Created 02-17-2017 11:13 AM
I have 5 tables belonging to different schemas but have common fields. I need to perform a complex join to fetch data for analysis. I want to store the results in HIVE. Can I do this using sqoop?
Created 02-17-2017 01:03 PM
To add the @Artem Ervits's solution - consider saving your complex query in the source RDBMS as a view. Then just call Sqoop specifying the view name instead of a table name. Makes the code nice and clean.
Created 02-17-2017 12:49 PM
Have you looked at free-form query option in sqoop?
https://sqoop.apache.org/docs/1.4.6/SqoopUserGuide.html#_free_form_query_imports
I would suggest to save result of a complex query in a database and sqoop that as one dataset.
There is however a note on free-form queries.
Note |
---|
The facility of using free-form query in the current version of Sqoop is limited to simple queries where there are no ambiguous projections and no OR conditions in the WHERE clause. Use of complex queries such as queries that have sub-queries or joins leading to ambiguous projections can lead to unexpected results.
|
Created 02-20-2017 07:58 AM
Hi @Artem Ervits. Thanks for the reply. I had read on free from query imports but decided against it because we cannot use ANDs and ORs. I will however try and see what happens. I cant work on the second option you and @bpreachuk suggested as i dont have access to create tables/views in the RDBMS. So the way i'll go is try using the free form query. If that doesnt work i'll import the tables as is from the RDBMS and run complex queries using HIVE. I'll update you on how it goes.

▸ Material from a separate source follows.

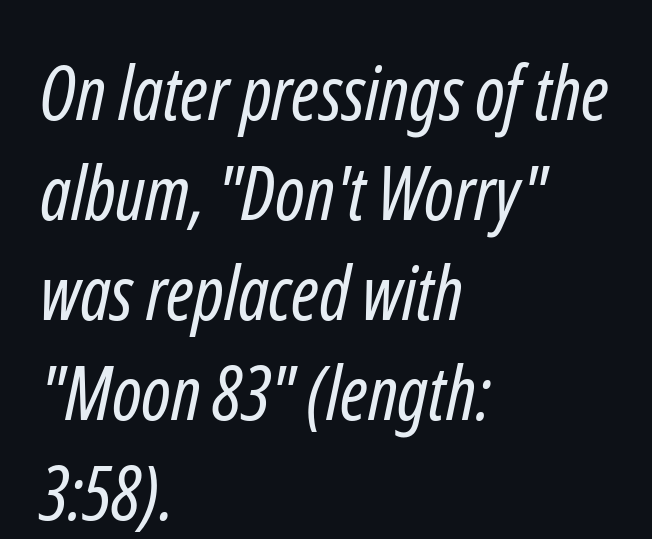
{"serif": "no", "bold": "no", "weight": "regular", "width": "condensed", "stroke_contrast": "low", "x_height": "medium", "monospaced": "no", "underline": "no", "align": "left", "line_spacing": "normal", "line_spacing_ratio": 1.35, "letter_spacing": "normal", "letter_spacing_em": 0.0, "glyph_px": 74}

Created 02-17-2017 01:03 PM
To add the @Artem Ervits's solution - consider saving your complex query in the source RDBMS as a view. Then just call Sqoop specifying the view name instead of a table name. Makes the code nice and clean.

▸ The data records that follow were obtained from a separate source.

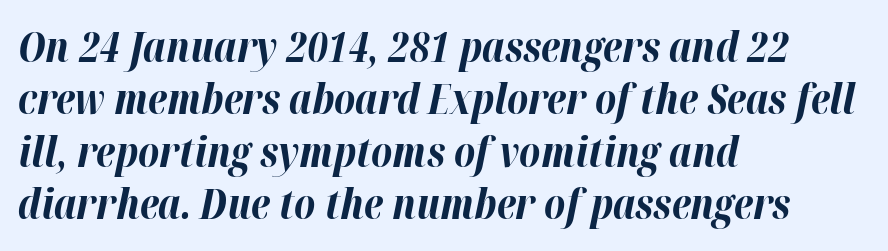
Q: Is the text bold? A: Yes.
Q: Is the text italic (slanted)? A: Yes, it leans right by about 12 degrees.
Q: Is the text underlined? A: No.
Q: How is the paragraph aligned? A: Left-aligned.
Q: Is the spacing between letters normal or unusually wide? A: Normal.
Q: Is the spacing between lines tight, normal or loose? A: Normal.
Q: Width (condensed, normal, or wide)? A: Normal.
Q: Stroke contrast? A: High.
Q: x-height? A: Medium.
Q: Monospaced? A: No.

Created 02-27-2017 08:02 AM
I was able to import all tables in the following format:
sqoop import -connect jdbc:oracle:thin:@<fdqn>/<server> -username <username> -P -table CUST_NAV -columns "<column names separated by commas" -hive-import -hive-table databasenameinhive.New_CUST_NAV -target-dir 'location in hdfs'
@bpreachuk I understood the workaround in my problem using your suggestion. I'll import all tables as is from the oracle db and create different views which i can then use in my select statements.
Thanks guys.